Singles such as Games Without Frontiers and Shock The Monkey bridged the worlds of pop and art-rock, while Gabriel’s growing interest in music from Africa, Asia and South America pushed back the boundaries of his music even further and led him to found the groundbreaking Womad festival in 1980.
And then the 80s happened. Gabriel’s 1986 album So propelled him to bona fide pop superstardom. He professed to not enjoying the full-beam glare of the spotlight, and both the increasingly lengthy gaps between releases and the sometimes opaque music he was making seemed to back that up; he’s released just three albums of new studio material in the past 32 years.
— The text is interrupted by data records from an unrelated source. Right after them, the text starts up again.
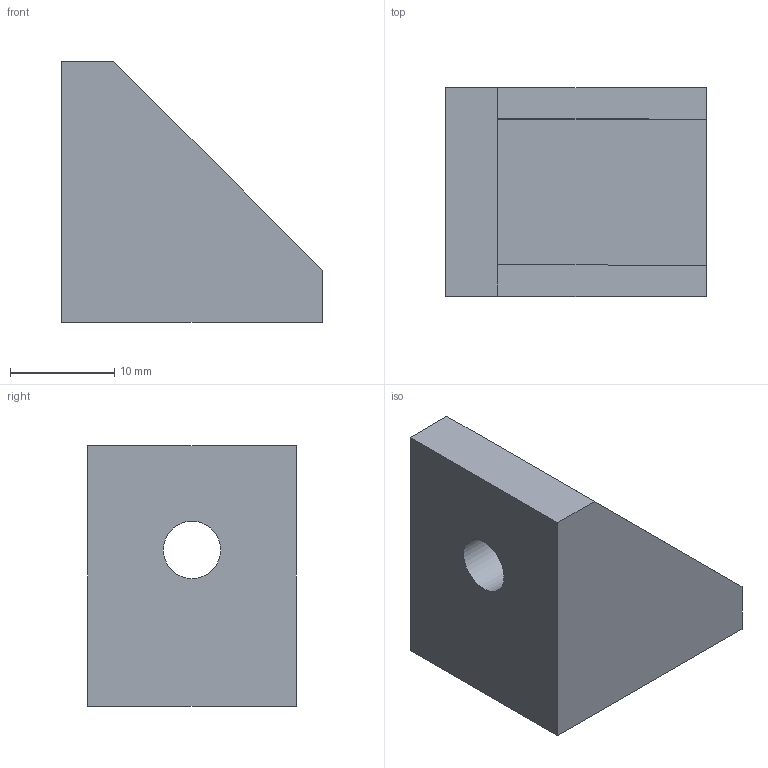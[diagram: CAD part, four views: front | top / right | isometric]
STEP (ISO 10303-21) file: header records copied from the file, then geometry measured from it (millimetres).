
FILE_DESCRIPTION(/* description */ ('STEP AP242','CAx-IF Rec.Pracs.---Representation and Presentation of Product Manufacturing Information (PMI)---4.0---2014-10-13','CAx-IF Rec.Pracs.---3D Tessellated Geometry---0.4---2014-09-14','2;1'),/* implementation_level */ '2;1');
FILE_NAME(/* name */ '681bef7be38e0519863a63b1',/* time_stamp */ '2025-05-07T23:40:43Z',/* author */ (''),/* organization */ (''),/* preprocessor_version */ 'ST-DEVELOPER v20',/* originating_system */ 'ONSHAPE BY PTC INC, 1.197',/* authorisation */ ' ');
FILE_SCHEMA (('AP242_MANAGED_MODEL_BASED_3D_ENGINEERING_MIM_LF { 1 0 10303 442 1 1 4 }'));
Length unit declared in the file: metre
Products named in the file (1): Corner Bracket
Bounding box: 25 x 20 x 25 mm (x, y, z)
Volume: 5581.2 mm3; surface area: 3218.6 mm2
Topology: 1 solids, 1 shells, 13 faces, 30 edges, 19 vertices
Faces by surface type: plane 12, cylinder 1
Full cylindrical faces by diameter (mm): 5.5 x1
Entity records: 374 total; most frequent: CARTESIAN_POINT 60, DIRECTION 58, ORIENTED_EDGE 56, EDGE_CURVE 28, LINE 26, VECTOR 26, VERTEX_POINT 18, EDGE_LOOP 16

Given his sonic adventurousness, it’s easy to overlook what a fantastic singer Gabriel really is. His voice bears the imprint of the great soul records he grew up listening to: gently grainy, but powerful, carrying much of the emotional load in his music. He’s a brilliantly unconventional songwriter too: many of his best songs start out in one place and end up somewhere completely different.
Today, Gabriel exists as the avuncular face of experimental music. His muchanticipated new album, i/o, is his first in 20 years, although, ever the maverick, he released the majority of its tracks over the preceding 12 months, tying it in with the cycle of the Moon – the latest unexpected curve ball in a career defined by them.